[WHAT NEEDS TO BE DONE]
Below are the records; extract from them the line containing "latitude: 55.2914" to the line containing "longitude: 13.2125", both lines included, exactly and with no pictures.

........

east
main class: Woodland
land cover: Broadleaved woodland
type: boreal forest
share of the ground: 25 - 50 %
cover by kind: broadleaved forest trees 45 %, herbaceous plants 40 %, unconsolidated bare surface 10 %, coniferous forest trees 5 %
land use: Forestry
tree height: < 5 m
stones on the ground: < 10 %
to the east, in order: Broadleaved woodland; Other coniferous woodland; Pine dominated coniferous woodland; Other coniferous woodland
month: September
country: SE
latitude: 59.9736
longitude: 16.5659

........

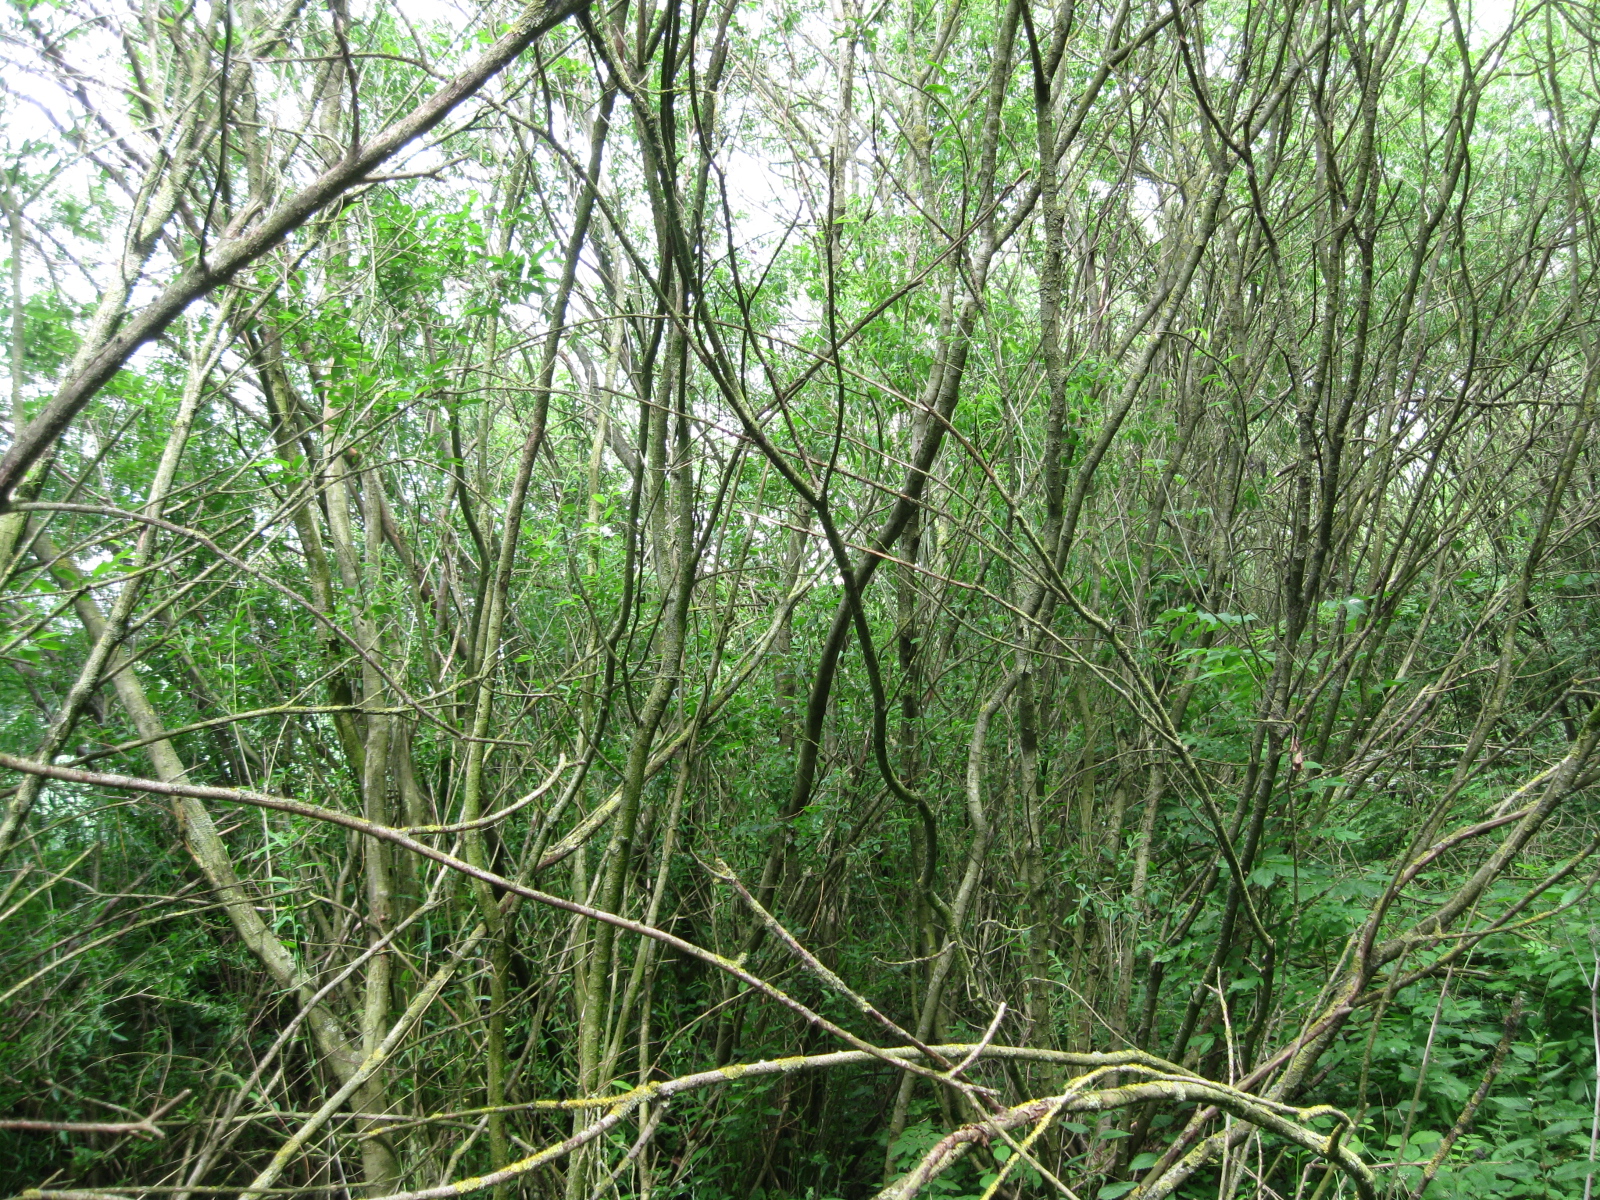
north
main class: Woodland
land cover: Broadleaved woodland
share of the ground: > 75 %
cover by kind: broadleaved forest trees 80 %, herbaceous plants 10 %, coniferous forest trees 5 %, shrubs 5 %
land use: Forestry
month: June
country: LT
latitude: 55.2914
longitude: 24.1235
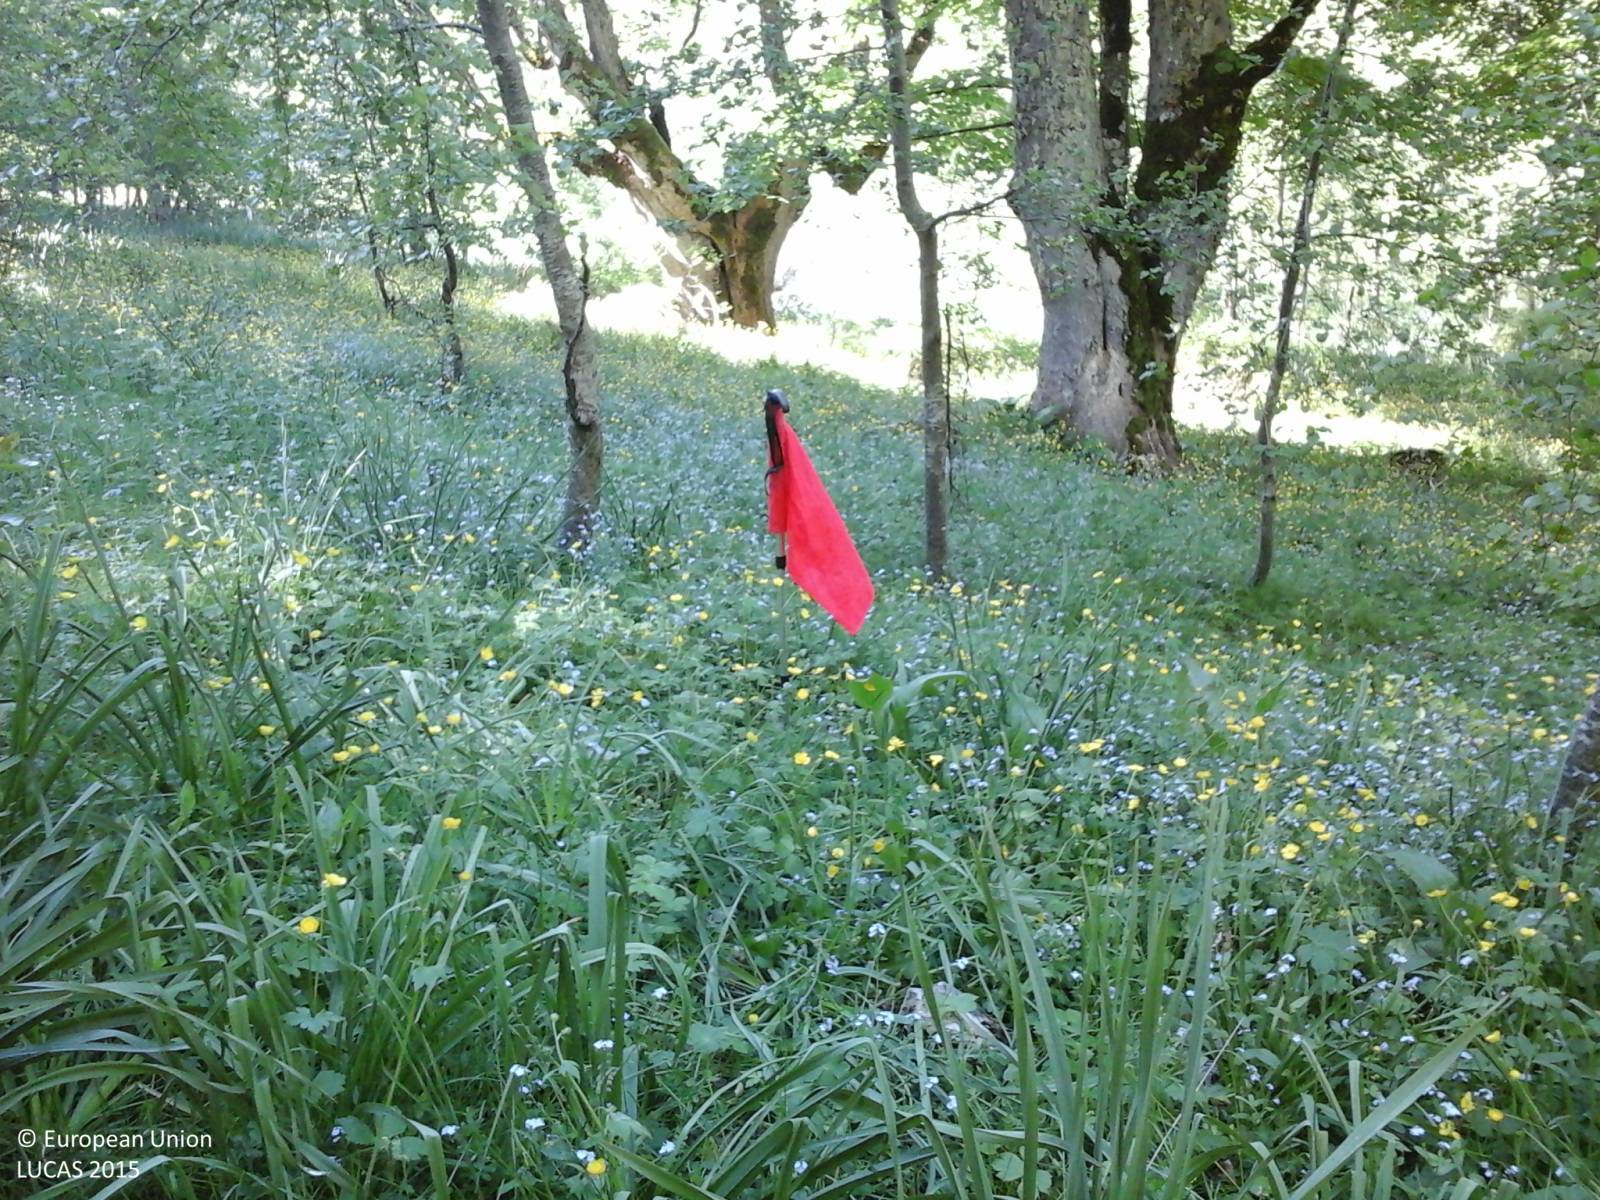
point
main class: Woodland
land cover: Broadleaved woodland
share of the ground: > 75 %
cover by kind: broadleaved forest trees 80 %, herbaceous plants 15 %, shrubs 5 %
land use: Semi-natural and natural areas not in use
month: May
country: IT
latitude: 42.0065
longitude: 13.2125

........

[OUTPUT]
latitude: 55.2914
longitude: 24.1235
point
main class: Woodland
land cover: Broadleaved woodland
share of the ground: > 75 %
cover by kind: broadleaved forest trees 80 %, herbaceous plants 15 %, shrubs 5 %
land use: Semi-natural and natural areas not in use
month: May
country: IT
latitude: 42.0065
longitude: 13.2125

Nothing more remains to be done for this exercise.